Work task>
Transcribe the data exactly, pictures excluded.

Data excerpts>
★ ★ ★ ★

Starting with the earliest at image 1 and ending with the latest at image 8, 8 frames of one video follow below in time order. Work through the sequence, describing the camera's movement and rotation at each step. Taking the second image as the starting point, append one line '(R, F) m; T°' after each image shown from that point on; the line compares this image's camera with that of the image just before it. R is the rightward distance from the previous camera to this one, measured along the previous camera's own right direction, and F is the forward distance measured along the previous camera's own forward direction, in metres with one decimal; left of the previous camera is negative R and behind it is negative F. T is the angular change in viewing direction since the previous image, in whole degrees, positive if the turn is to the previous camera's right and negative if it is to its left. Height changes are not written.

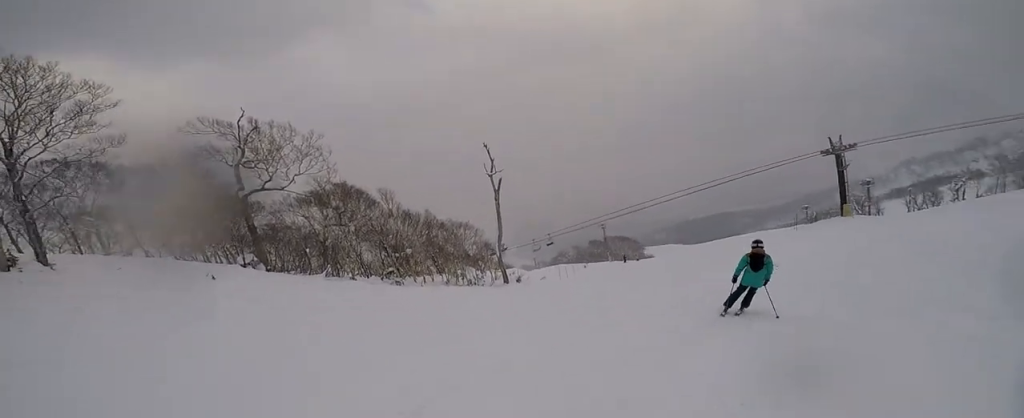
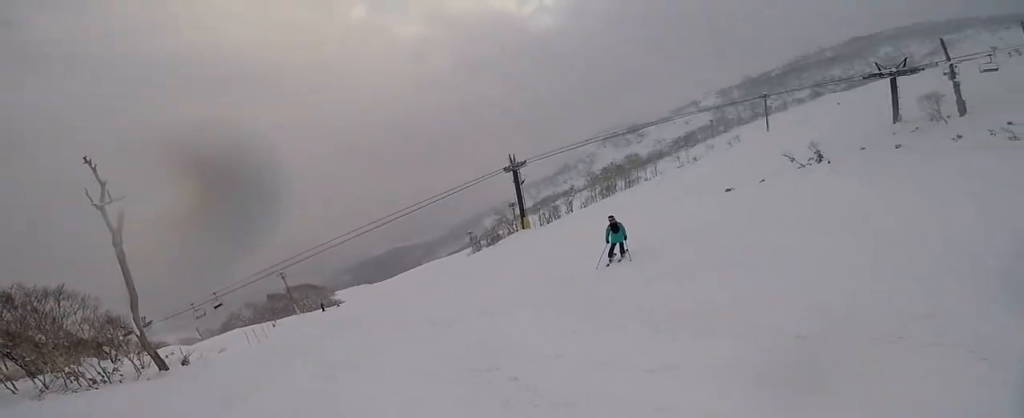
(+2.3, +6.0) m; +44°
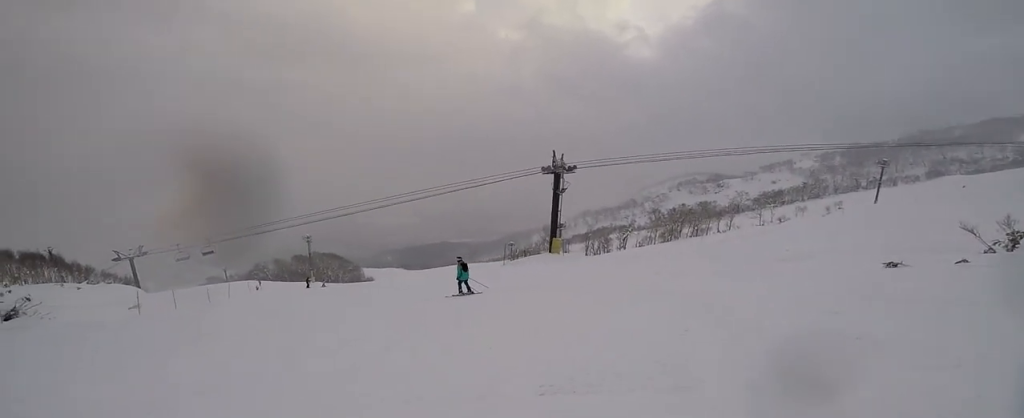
(+0.2, +12.2) m; -25°
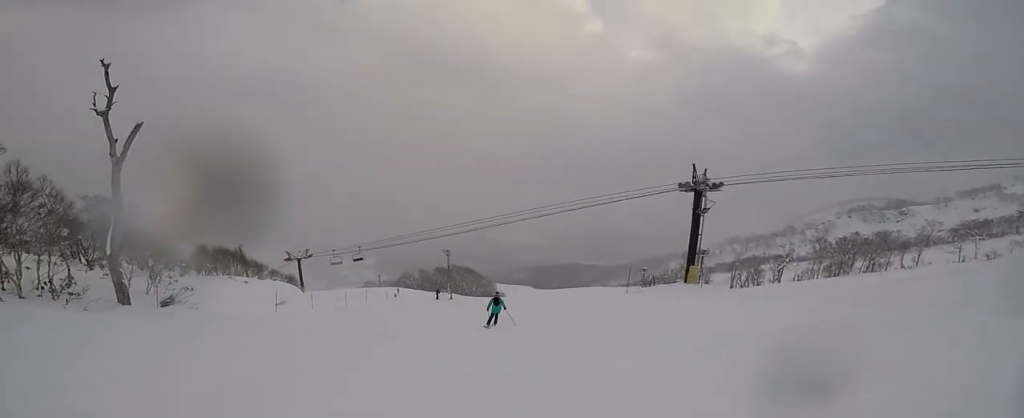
(+0.4, +3.0) m; -18°
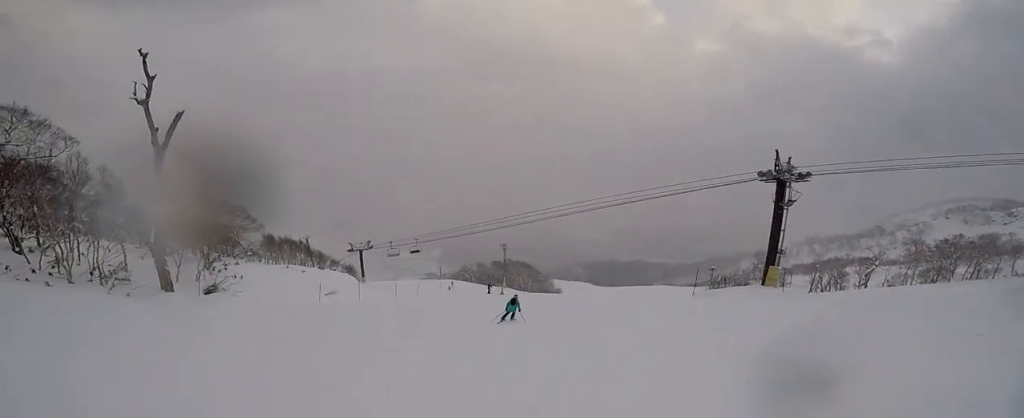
(-1.0, +2.5) m; -12°
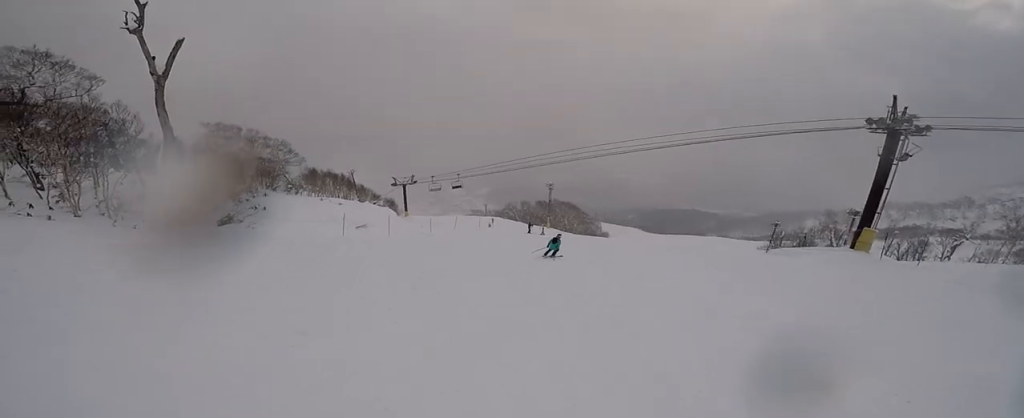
(-0.6, +3.2) m; -13°
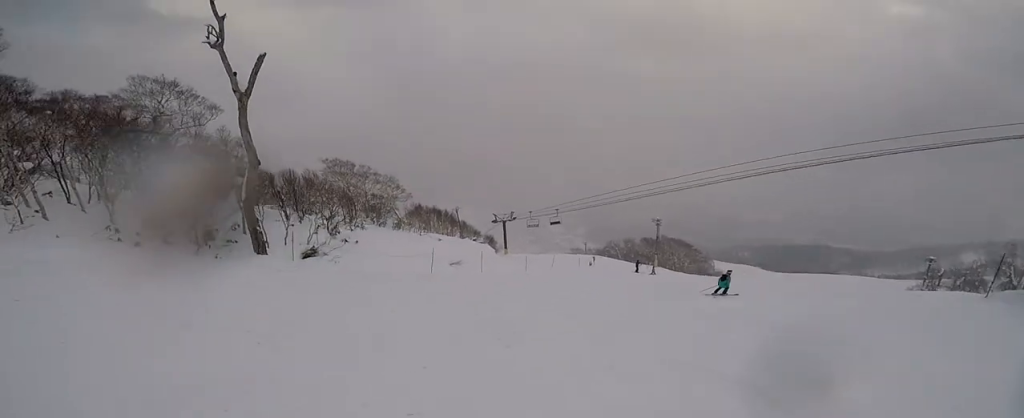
(-0.2, +4.3) m; +13°
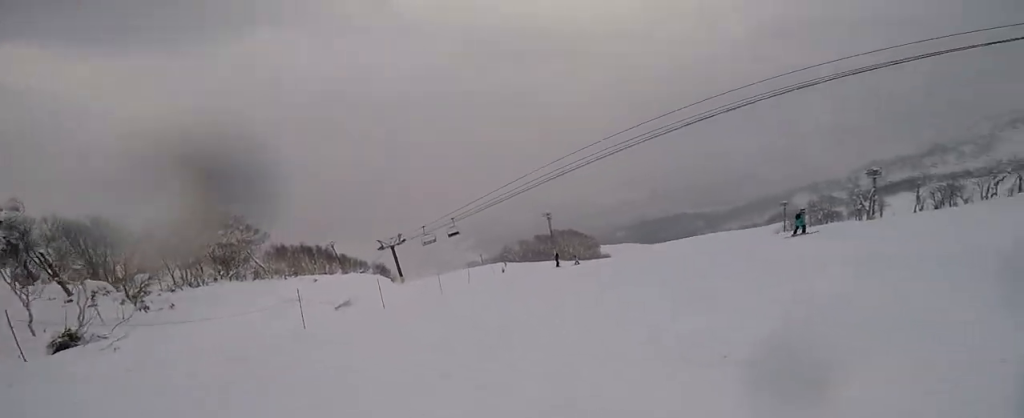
(+2.0, +6.7) m; +24°

★ ★ ★ ★

Answer to the exercise>
Starting with the earliest at image 1 and ending with the latest at image 8, 8 frames of one video follow below in time order. Work through the sequence, describing the camera's movement and rotation at each step. Taking the second image as the starting point, append one line '(R, F) m; T°' after each image shown from that point on; the line compares this image's camera with that of the image just before it. R is the rightward distance from the previous camera to this one, measured along the previous camera's own right direction, and F is the forward distance measured along the previous camera's own forward direction, in metres with one decimal; left of the previous camera is negative R and behind it is negative F. T is the angular change in viewing direction since the previous image, in whole degrees, positive if the turn is to the previous camera's right and negative if it is to its left. Height changes are not written.

(+2.3, +6.0) m; +44°
(+0.2, +12.2) m; -25°
(+0.4, +3.0) m; -18°
(-1.0, +2.5) m; -12°
(-0.6, +3.2) m; -13°
(-0.2, +4.3) m; +13°
(+2.0, +6.7) m; +24°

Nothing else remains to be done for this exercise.